THE PROBLEM
In the listing below, find every line containing "text" and copy it out.

PROVIDED RECORDS
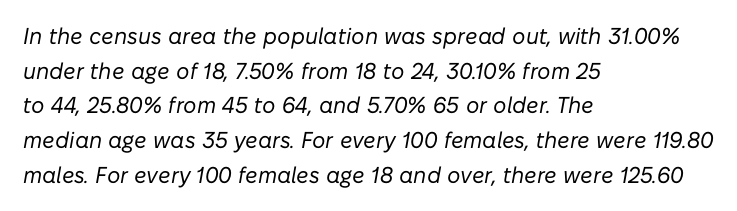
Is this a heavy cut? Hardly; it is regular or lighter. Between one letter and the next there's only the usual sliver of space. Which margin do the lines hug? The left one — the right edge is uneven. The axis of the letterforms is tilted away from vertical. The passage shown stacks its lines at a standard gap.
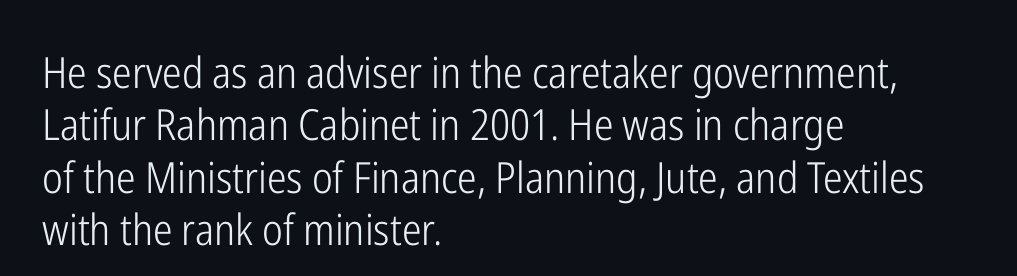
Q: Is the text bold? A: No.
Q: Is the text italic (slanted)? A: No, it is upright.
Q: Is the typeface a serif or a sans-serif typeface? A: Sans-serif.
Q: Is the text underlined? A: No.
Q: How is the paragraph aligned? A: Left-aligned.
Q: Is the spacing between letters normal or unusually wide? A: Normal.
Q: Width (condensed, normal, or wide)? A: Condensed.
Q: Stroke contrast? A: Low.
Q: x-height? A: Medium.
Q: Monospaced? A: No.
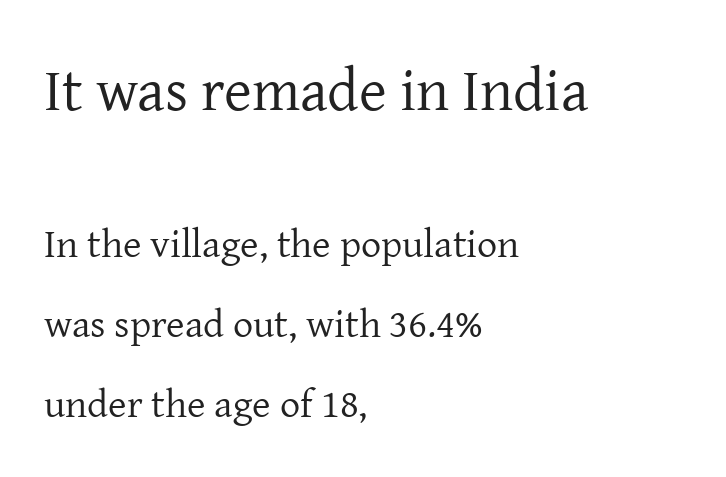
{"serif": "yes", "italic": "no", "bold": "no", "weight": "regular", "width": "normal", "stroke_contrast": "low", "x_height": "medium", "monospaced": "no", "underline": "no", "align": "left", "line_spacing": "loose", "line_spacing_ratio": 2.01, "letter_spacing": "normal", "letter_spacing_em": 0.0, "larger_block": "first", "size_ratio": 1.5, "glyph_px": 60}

---

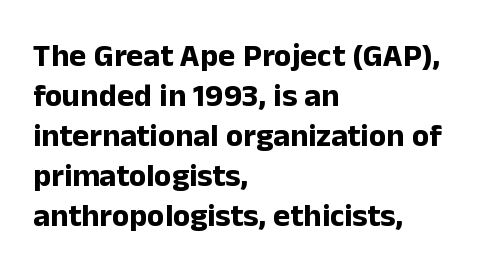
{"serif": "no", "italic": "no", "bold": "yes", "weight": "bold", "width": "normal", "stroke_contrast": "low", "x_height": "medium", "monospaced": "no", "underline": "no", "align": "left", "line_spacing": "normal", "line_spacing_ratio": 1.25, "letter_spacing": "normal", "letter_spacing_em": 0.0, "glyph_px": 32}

SOLVED EXERCISE
Q: Is the text bold? A: No.
Q: Is the text italic (slanted)? A: No, it is upright.
Q: Is the text underlined? A: No.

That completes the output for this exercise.